*WORK TO COMPLETE*.
Your reply should reproduce each line below exactly and carry none of the pictures.

=== Begin Enclosure ===

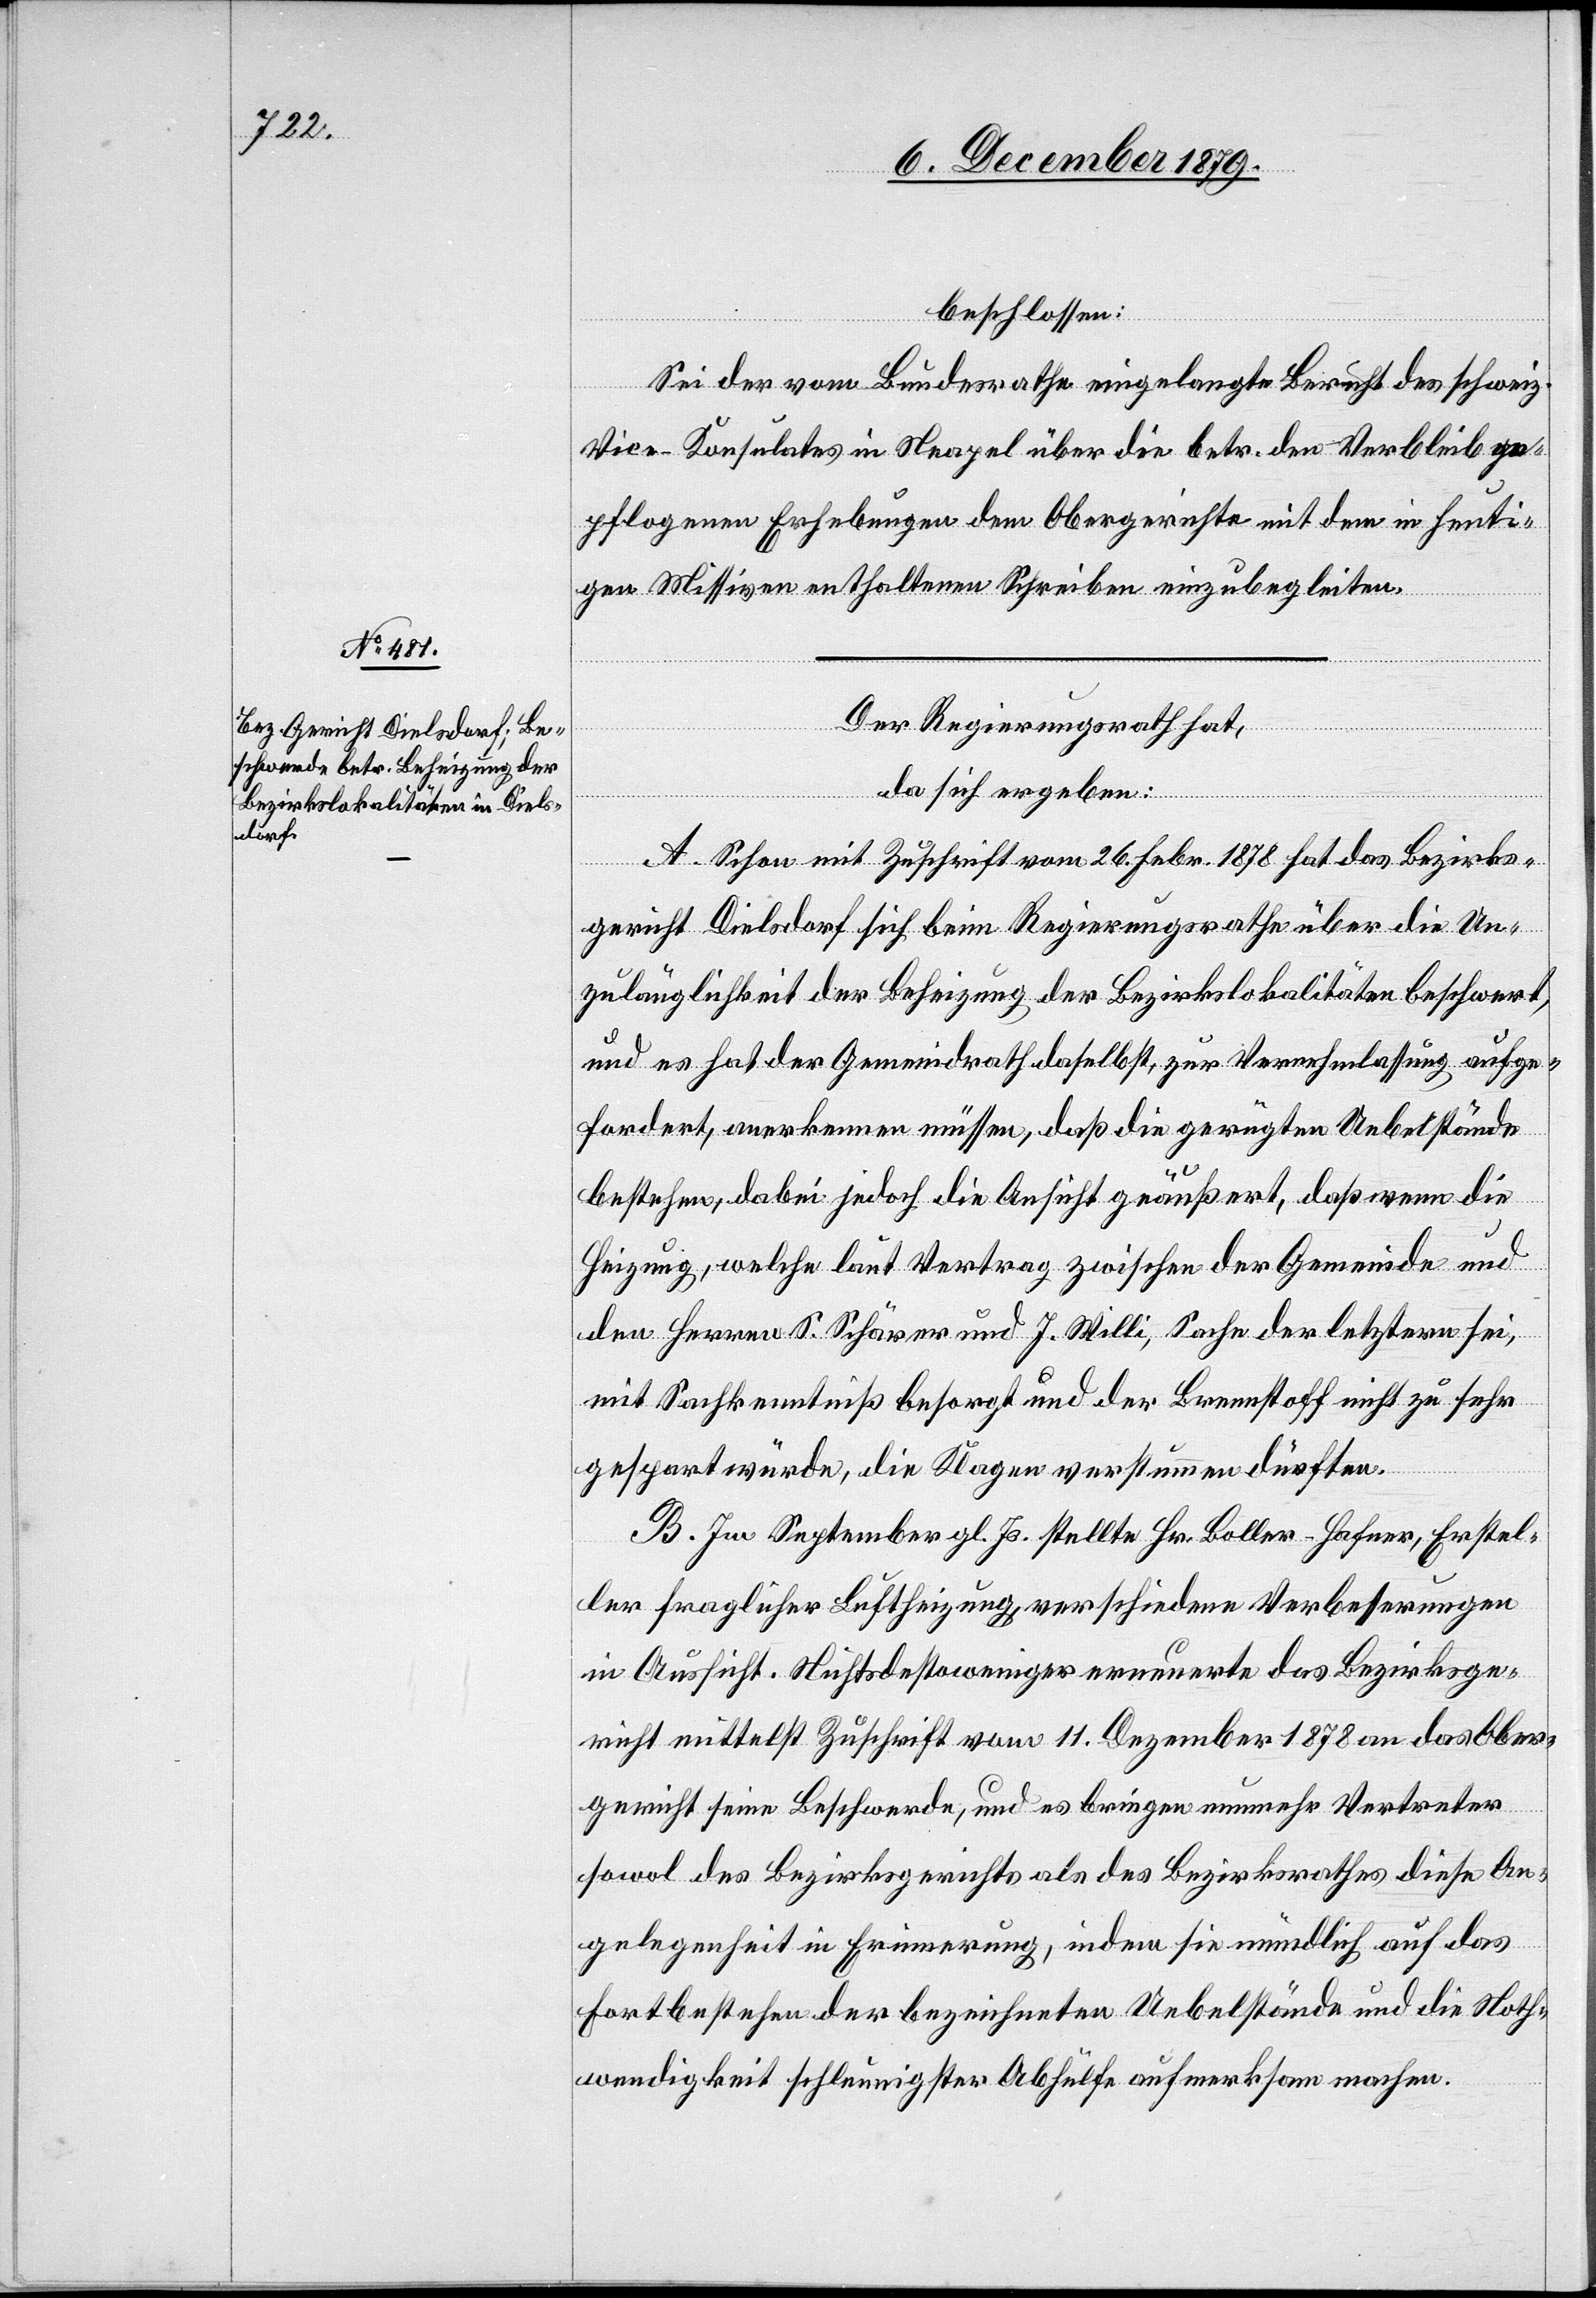
beschlossen:
Sei der vom Bundesrathe eingelangte Bericht des schweiz.
Vice-Konsulates in Neapel über die betr. den Verbleib ge¬
pflogenen Erhebungen dem Obergerichte mit dem in heuti¬
gen Missiven enthaltenen Schreiben einzubegleiten.
Der Regierungsrath hat,
da sich ergeben:
A. Schon mit Zuschrift vom 26. Febr. 1878 hat das Bezirks¬
gericht Dielsdorf sich beim Regierungsrathe über die Un¬
zulänglichkeit der Beheizung der Bezirkslokalitäten beschwert,
und es hat der Gemeindrath daselbst, zur Vernehmlassung aufge¬
fordert, anerkennen müssen, daß die gerügten Uebelstände
bestehen, dabei jedoch die Ansicht geäußert, daß wenn die
Heizung, welche laut Vertrag zwischen der Gemeinde und
den Herren S. Schärer und J. Willi, Sache der letztern sei,
mit Sachkenntniß besorgt und der Brennstoff nicht zu sehr
gespart würde, die Klagen verstummen dürften.
B. Im September gl. Js. stellte Hr. Boller-Hafner, Erstel¬
ler fraglicher Luftheizung, verschiedene Verbesserungen
in Aussicht. Nichsdestoweniger erneuerte das Bezirksge¬
richt mittelst Zuschrift vom 11. Dezember 1878 an das Ober¬
gericht seine Beschwerde, und es bringen nunmehr Vertreter
sowol des Bezirksgerichtes als des Bezirksrathes diese An¬
gelegenheit in Erinnerung, indem sie mündlich auf das
Fortbestehen der bezeichneten Uebelstände und die Noth¬
wendigkeit schleunigster Abhülfe aufmerksam machen.

=== End Enclosure ===

*RESULT OF THIS TASK*.
beschlossen:
Sei der vom Bundesrathe eingelangte Bericht des schweiz.
Vice-Konsulates in Neapel über die betr. den Verbleib ge¬
pflogenen Erhebungen dem Obergerichte mit dem in heuti¬
gen Missiven enthaltenen Schreiben einzubegleiten.
Der Regierungsrath hat,
da sich ergeben:
A. Schon mit Zuschrift vom 26. Febr. 1878 hat das Bezirks¬
gericht Dielsdorf sich beim Regierungsrathe über die Un¬
zulänglichkeit der Beheizung der Bezirkslokalitäten beschwert,
und es hat der Gemeindrath daselbst, zur Vernehmlassung aufge¬
fordert, anerkennen müssen, daß die gerügten Uebelstände
bestehen, dabei jedoch die Ansicht geäußert, daß wenn die
Heizung, welche laut Vertrag zwischen der Gemeinde und
den Herren S. Schärer und J. Willi, Sache der letztern sei,
mit Sachkenntniß besorgt und der Brennstoff nicht zu sehr
gespart würde, die Klagen verstummen dürften.
B. Im September gl. Js. stellte Hr. Boller-Hafner, Erstel¬
ler fraglicher Luftheizung, verschiedene Verbesserungen
in Aussicht. Nichsdestoweniger erneuerte das Bezirksge¬
richt mittelst Zuschrift vom 11. Dezember 1878 an das Ober¬
gericht seine Beschwerde, und es bringen nunmehr Vertreter
sowol des Bezirksgerichtes als des Bezirksrathes diese An¬
gelegenheit in Erinnerung, indem sie mündlich auf das
Fortbestehen der bezeichneten Uebelstände und die Noth¬
wendigkeit schleunigster Abhülfe aufmerksam machen.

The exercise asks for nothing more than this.